David Dutcher (b.1956) is a member of the Sault Tribe of Chippewa Indians and an artist who works in multiple genres. He began making traditional Anishnabeg black ash baskets at age 9 with his father, Jon Roy Dutcher. David is skilled in a variety of different Eastern Woodland bead styles beyond those commonly employed by traditional Anishnabeg beadwork artists. Today, David maintains traditional Anishnabeg designs as well as developing contemporary Anishnabeg aesthetic patterns with materials traditionally used in Anishnabeg art. He incorporates custom appliqué beadwork into a variety of traditional and contemporary textile products from moccasins and breeches to laptop bags and purses. His custom stitched garments invoke colonial period aesthetics that draw viewers into sophisticated conversations on hegemonic aesthetic forms and counter-appropriation. David is at home in both these types of theoretical discussions of material culture history and in the specialized and challenging work of re-creating the materials. Many regional powwow dancers perform regularly in moccasins, jewelry, and clothing created and/or decorated by David. With hand tools, including some of his own design, he handcrafts copper jewelry.
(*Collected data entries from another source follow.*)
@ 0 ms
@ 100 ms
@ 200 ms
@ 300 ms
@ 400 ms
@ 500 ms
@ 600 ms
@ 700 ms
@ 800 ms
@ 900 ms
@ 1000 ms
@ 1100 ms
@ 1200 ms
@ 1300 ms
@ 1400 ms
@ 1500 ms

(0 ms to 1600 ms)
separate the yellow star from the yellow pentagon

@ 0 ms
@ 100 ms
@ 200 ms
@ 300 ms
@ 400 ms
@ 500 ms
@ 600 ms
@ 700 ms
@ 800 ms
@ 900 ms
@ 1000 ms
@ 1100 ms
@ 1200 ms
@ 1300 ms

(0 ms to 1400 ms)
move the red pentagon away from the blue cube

In addition to his thriving dress and adornment art practice, David also provides a variety of arts and culture-related services for both his tribe and the community at-large. These include direct collections care for many of the Tower of History Museum’s (Sault Ste. Marie) most delicate objects as well as providing information on appropriate and respectful storage practices and interpretive information for items ranging from snowshoes to ceremonial rattles. He has also been a professional hairstylist and has been enlisted by community art and theater organizations to help with hair and makeup for stage productions.
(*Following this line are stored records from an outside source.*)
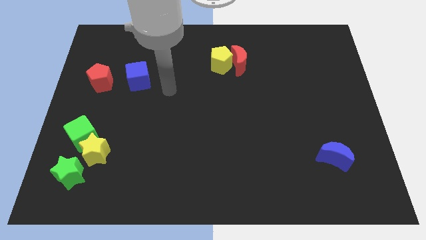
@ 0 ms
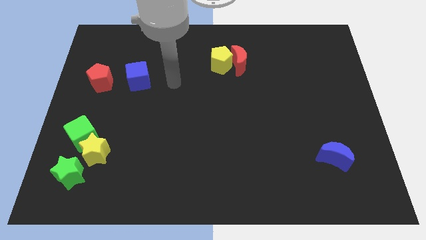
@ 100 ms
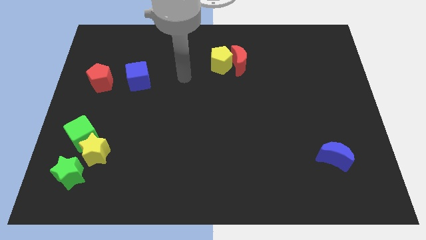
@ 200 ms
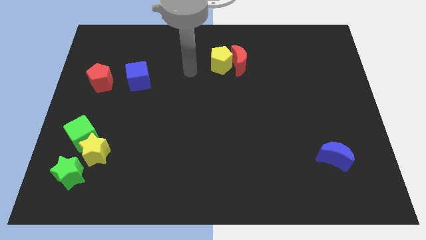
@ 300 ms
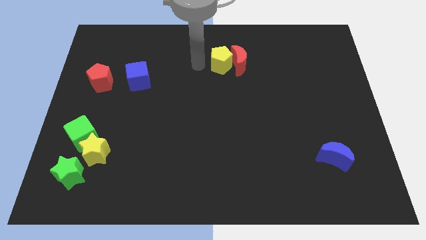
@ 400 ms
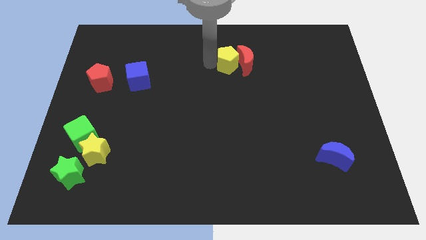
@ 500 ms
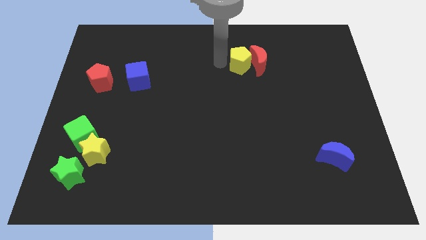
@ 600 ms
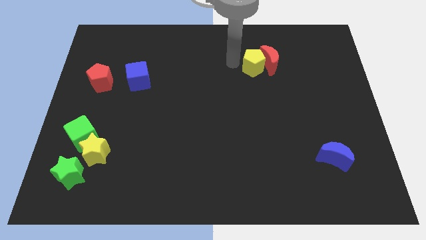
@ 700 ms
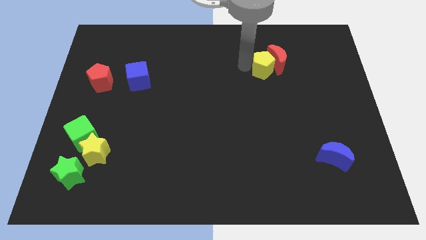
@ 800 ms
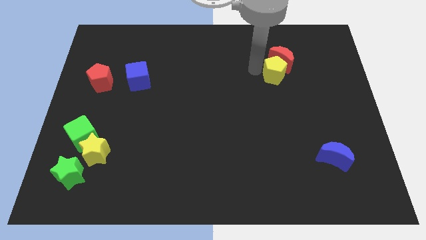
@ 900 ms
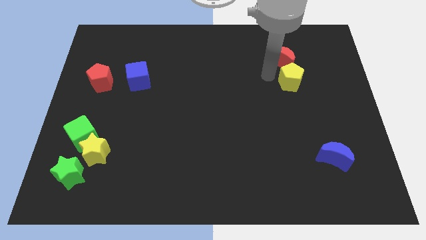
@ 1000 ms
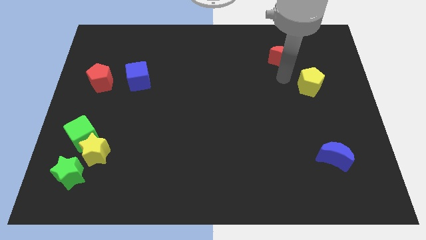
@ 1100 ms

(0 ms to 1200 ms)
move the red moon away from the yellow pentagon

David will work with apprentice Katelyn Frantz. She has been involved with traditional Chippewa art forms since the age of 6 through the Sault Ste. Marie band of Chippewa, and the pair have been working together for over two years in a variety of arts practices, including traditional gardening and studio projects. This apprenticeship will serve to expand her beadwork skills as well as allow her to develop a stronger bond with her heritage.